At the line that includes "Q: Is the text underlined? A: No.", begin writing out the entries below exactly, and continue through the last line without adding anything.
*** Begin section ***
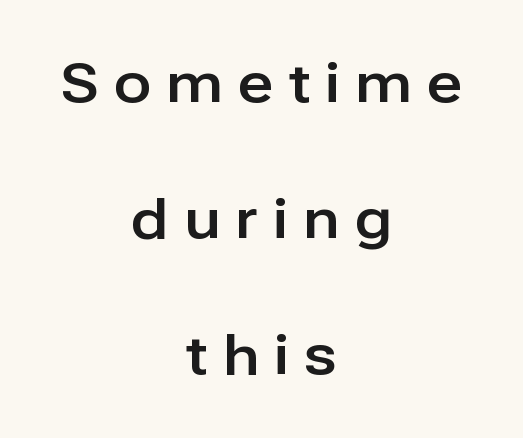
{"serif": "no", "italic": "no", "width": "normal", "stroke_contrast": "low", "x_height": "medium", "monospaced": "no", "underline": "no", "align": "center", "line_spacing": "loose", "line_spacing_ratio": 2.47, "letter_spacing": "wide", "letter_spacing_em": 0.28, "glyph_px": 55}
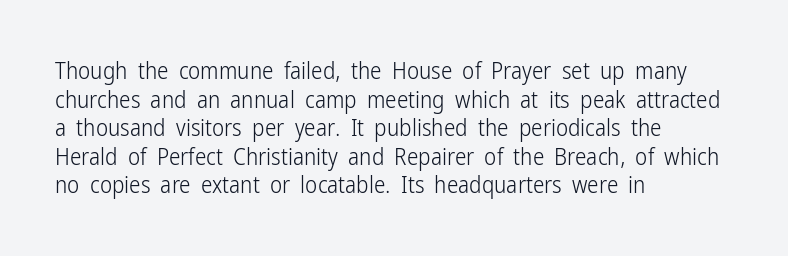
Q: Is the text bold? A: No.
Q: Is the text italic (slanted)? A: No, it is upright.
Q: Is the text underlined? A: No.
Q: How is the paragraph aligned? A: Left-aligned.
Q: Is the spacing between letters normal or unusually wide? A: Normal.
*** End section ***
Answer to this problem:
Q: Is the text underlined? A: No.
Q: How is the paragraph aligned? A: Left-aligned.
Q: Is the spacing between letters normal or unusually wide? A: Normal.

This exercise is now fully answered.